Given a set of known facts and a well-described goal, we need to find all the possible scenarios of coming to the solution, which we usually don't know much about.
That kind of deduction is what we are taught at school, but still happen to have problems with.
This project aims to answer why, and, more importantly, consider the question:
> Can high school math be entirely solved without heuristics?
## Examples
### Query 1. Combinatorics.
For instance, imagine this exam problem:
> Let's consider all natural numbers in which no digit repeats, exactly three digits are odd, and exactly two digits are even. Find the number of such numbers.

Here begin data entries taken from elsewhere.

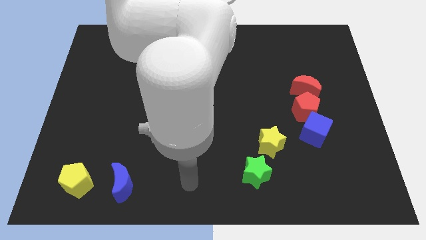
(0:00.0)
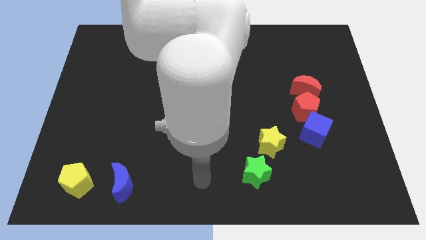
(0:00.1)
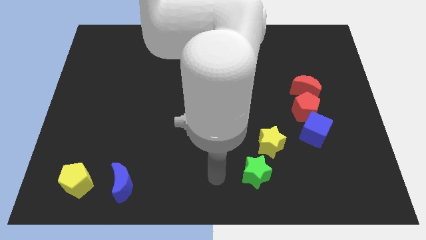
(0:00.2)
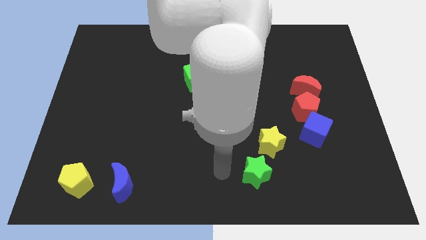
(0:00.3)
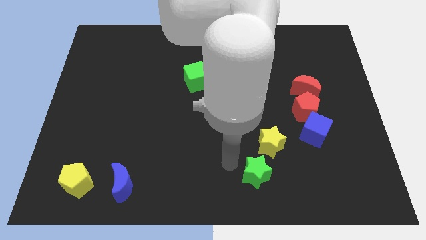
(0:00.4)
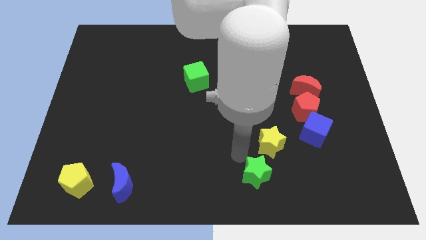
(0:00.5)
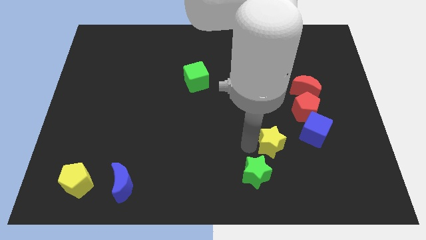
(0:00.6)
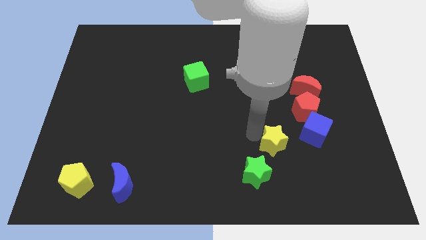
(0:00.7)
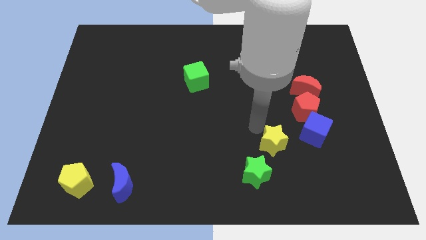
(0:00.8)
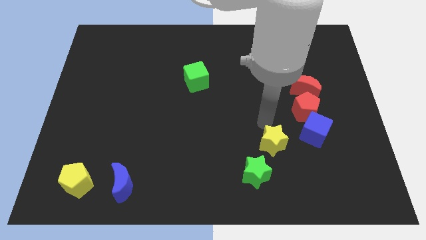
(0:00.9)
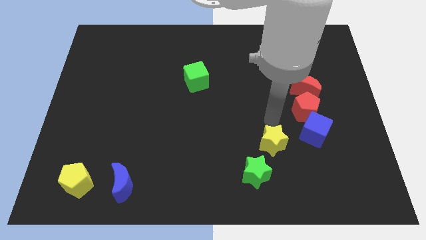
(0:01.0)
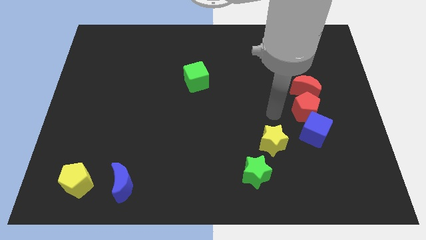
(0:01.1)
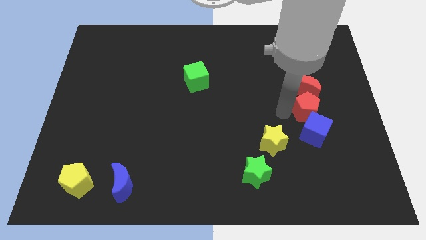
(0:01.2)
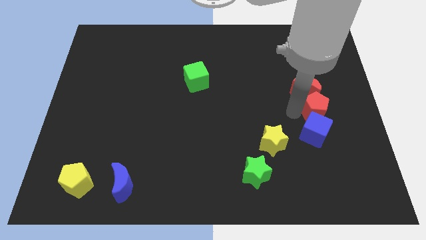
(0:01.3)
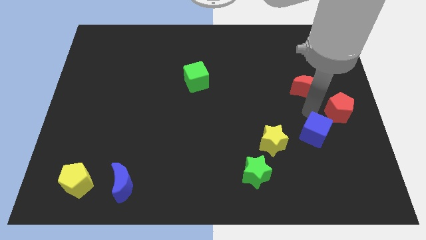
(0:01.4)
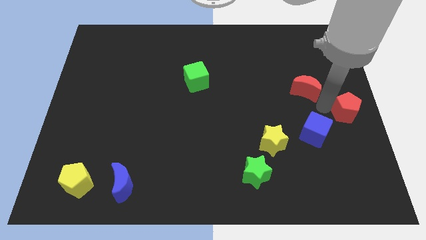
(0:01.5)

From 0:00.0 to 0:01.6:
pull the red moon apart from the red pentagon

Here, we have a precisely described outcome: a natural integer that represents the number of all natural numbers matching the constraints that are:
- no digit in the number repeats,
- 3 digits ONLY are odd,
- 2 digits ONLY are even.
Trying to solve this problem 100% by machine, we need to serialize it in a machine-understandable way.
How about:
```py
op.len(
sets.natural.where.all(
op.none(digit.seen for digit in digits),
op.len(digits.filter("% 2")) == 3,
op.len(digits.filterfalse("% 2")) == 2,
),
)
```
This description of the problem arises from the following assumptions:
- Digits of the number are finite.
- All odd numbers fulfill the `k % 2` constraint, where `k` is the number in question.
- All even numbers fulfill the `not (k % 2)` constraint, where `k` is the number in question.

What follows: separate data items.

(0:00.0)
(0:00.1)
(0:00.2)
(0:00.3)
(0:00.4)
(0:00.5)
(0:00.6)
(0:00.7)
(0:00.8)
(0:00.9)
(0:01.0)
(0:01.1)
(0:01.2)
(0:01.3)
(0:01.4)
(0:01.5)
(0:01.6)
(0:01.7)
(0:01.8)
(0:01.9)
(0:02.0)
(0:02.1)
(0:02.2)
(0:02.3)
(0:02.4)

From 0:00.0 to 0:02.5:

More to come in this description later.
#### Machine Digestion of the Query
The machine can simply identify the nature of the problem.

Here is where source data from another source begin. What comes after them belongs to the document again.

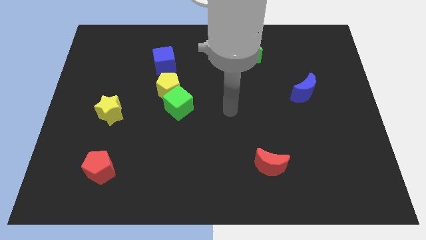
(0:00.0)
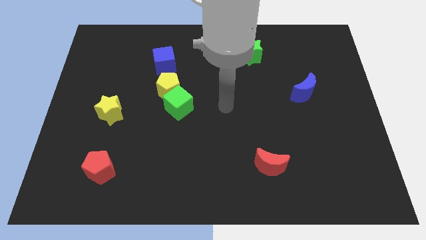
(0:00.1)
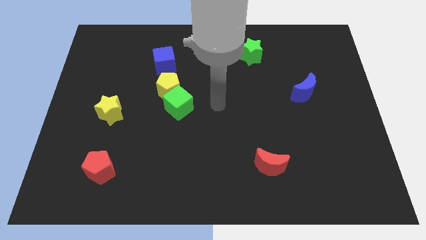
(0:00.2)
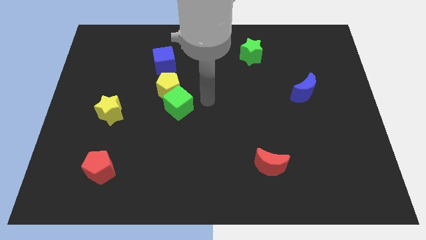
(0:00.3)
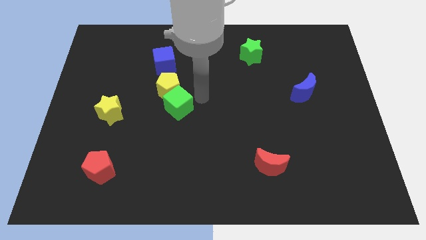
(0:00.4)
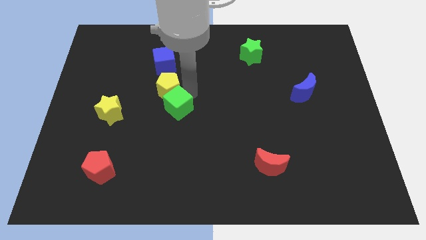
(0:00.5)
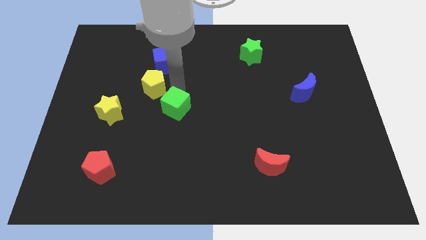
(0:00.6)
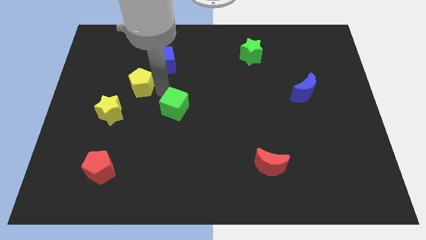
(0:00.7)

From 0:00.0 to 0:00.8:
separate the green cube from the yellow pentagon

- The first conclusion it should draw is that all the numbers are computable,
they are finite, and we can fit all of them in memory.
- The number of digits is always 5 because sets `filter("% 2")` and `filterfalse("% 2")` make up the whole number and their expected lengths add up to 5.
Similar conclusions could also be drawn from more complex set of constraints, for instance
```py
op.len(
sets.natural.where.all(
op.any(
op.all(
op.len(digits.filter("% 2")) == 3,
op.len(digits.filterfalse("% 2")) == 3,
),
op.all(
op.len(digits.filter("% 2")) == 6,
op.len(digits.filterfalse("% 2")) == 6,
),
),
),
)
```
absolutely implies that the number of digits must be either 6 (3 odd + 3 even) or 12 (6 odd + 6 even).
## Guidelines
We are bounded to implementing [concepts included in the core curriculum for general secondary schools of Poland](https://cke.gov.pl/images/_EGZAMIN_MATURALNY_OD_2023/podstawa_programowa/matematyka.pdf) (PL).
This library ought to treat the curriculum as a reference standard and every logical unit providing new functionality should reference the proper part of that document to prove its compliance with the "standard".